━━ DATA FOR ANALYSIS ━━

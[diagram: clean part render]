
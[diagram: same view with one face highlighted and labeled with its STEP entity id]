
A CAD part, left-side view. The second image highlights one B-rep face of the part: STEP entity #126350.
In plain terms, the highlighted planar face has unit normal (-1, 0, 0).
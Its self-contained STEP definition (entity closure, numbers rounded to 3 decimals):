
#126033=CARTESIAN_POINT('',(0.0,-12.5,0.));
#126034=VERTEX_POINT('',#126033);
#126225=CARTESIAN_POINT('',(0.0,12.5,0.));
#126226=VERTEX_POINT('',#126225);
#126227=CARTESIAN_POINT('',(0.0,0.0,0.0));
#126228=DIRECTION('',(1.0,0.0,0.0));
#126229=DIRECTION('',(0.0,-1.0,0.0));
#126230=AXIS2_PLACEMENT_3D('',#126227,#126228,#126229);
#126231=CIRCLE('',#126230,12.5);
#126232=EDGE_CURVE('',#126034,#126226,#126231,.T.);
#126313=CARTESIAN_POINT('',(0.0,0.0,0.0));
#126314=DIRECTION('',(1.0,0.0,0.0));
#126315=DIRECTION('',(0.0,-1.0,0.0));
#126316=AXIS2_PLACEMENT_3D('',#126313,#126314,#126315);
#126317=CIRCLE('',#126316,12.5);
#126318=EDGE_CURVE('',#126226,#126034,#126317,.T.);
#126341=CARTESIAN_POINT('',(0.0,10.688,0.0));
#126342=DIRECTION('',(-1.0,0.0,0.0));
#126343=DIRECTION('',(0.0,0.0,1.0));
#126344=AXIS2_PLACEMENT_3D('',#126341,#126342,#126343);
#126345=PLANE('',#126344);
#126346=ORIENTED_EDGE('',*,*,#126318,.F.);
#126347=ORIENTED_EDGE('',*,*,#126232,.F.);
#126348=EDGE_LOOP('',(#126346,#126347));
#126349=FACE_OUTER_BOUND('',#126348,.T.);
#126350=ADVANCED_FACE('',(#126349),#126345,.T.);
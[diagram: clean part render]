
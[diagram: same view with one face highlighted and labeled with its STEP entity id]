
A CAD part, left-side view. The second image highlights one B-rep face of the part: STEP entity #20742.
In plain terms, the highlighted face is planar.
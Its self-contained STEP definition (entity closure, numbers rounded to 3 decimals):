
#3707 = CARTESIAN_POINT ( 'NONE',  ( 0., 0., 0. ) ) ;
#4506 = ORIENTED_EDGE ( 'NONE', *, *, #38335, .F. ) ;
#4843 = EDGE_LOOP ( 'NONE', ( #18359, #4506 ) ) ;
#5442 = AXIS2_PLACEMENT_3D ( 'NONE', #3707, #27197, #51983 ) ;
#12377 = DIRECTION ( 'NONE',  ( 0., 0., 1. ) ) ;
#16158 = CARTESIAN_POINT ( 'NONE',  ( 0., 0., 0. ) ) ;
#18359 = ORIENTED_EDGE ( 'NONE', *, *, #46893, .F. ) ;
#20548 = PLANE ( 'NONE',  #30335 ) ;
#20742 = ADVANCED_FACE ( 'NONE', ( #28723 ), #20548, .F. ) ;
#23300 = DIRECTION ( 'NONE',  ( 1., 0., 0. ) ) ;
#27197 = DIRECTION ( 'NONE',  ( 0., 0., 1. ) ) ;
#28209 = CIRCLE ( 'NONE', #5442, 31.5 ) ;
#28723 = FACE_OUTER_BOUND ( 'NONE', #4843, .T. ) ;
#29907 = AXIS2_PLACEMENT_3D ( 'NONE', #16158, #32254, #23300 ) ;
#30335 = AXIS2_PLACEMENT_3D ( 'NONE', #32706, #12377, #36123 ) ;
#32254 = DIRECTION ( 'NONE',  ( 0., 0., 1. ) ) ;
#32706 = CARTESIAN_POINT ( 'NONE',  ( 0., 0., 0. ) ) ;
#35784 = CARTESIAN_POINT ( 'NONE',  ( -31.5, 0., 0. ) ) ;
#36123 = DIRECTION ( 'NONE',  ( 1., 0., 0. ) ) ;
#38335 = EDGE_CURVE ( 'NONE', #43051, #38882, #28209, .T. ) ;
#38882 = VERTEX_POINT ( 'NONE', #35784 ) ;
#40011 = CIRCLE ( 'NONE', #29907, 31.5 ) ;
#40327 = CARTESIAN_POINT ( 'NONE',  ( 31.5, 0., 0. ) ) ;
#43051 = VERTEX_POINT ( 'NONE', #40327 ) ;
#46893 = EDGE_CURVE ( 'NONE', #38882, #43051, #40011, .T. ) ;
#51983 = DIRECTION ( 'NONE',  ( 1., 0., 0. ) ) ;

━━━

**TASK PROMPT:** Among the entries above, find the line with "#126229=DIRECTION('',(0.0,-1.0,0.0));" and the line with "#126344=AXIS2_PLACEMENT_3D('',#126341,#126342,#126343);"; give again exactly these two lines and all lines between them.

**RESULT OF THIS TASK:**
#126229=DIRECTION('',(0.0,-1.0,0.0));
#126230=AXIS2_PLACEMENT_3D('',#126227,#126228,#126229);
#126231=CIRCLE('',#126230,12.5);
#126232=EDGE_CURVE('',#126034,#126226,#126231,.T.);
#126313=CARTESIAN_POINT('',(0.0,0.0,0.0));
#126314=DIRECTION('',(1.0,0.0,0.0));
#126315=DIRECTION('',(0.0,-1.0,0.0));
#126316=AXIS2_PLACEMENT_3D('',#126313,#126314,#126315);
#126317=CIRCLE('',#126316,12.5);
#126318=EDGE_CURVE('',#126226,#126034,#126317,.T.);
#126341=CARTESIAN_POINT('',(0.0,10.688,0.0));
#126342=DIRECTION('',(-1.0,0.0,0.0));
#126343=DIRECTION('',(0.0,0.0,1.0));
#126344=AXIS2_PLACEMENT_3D('',#126341,#126342,#126343);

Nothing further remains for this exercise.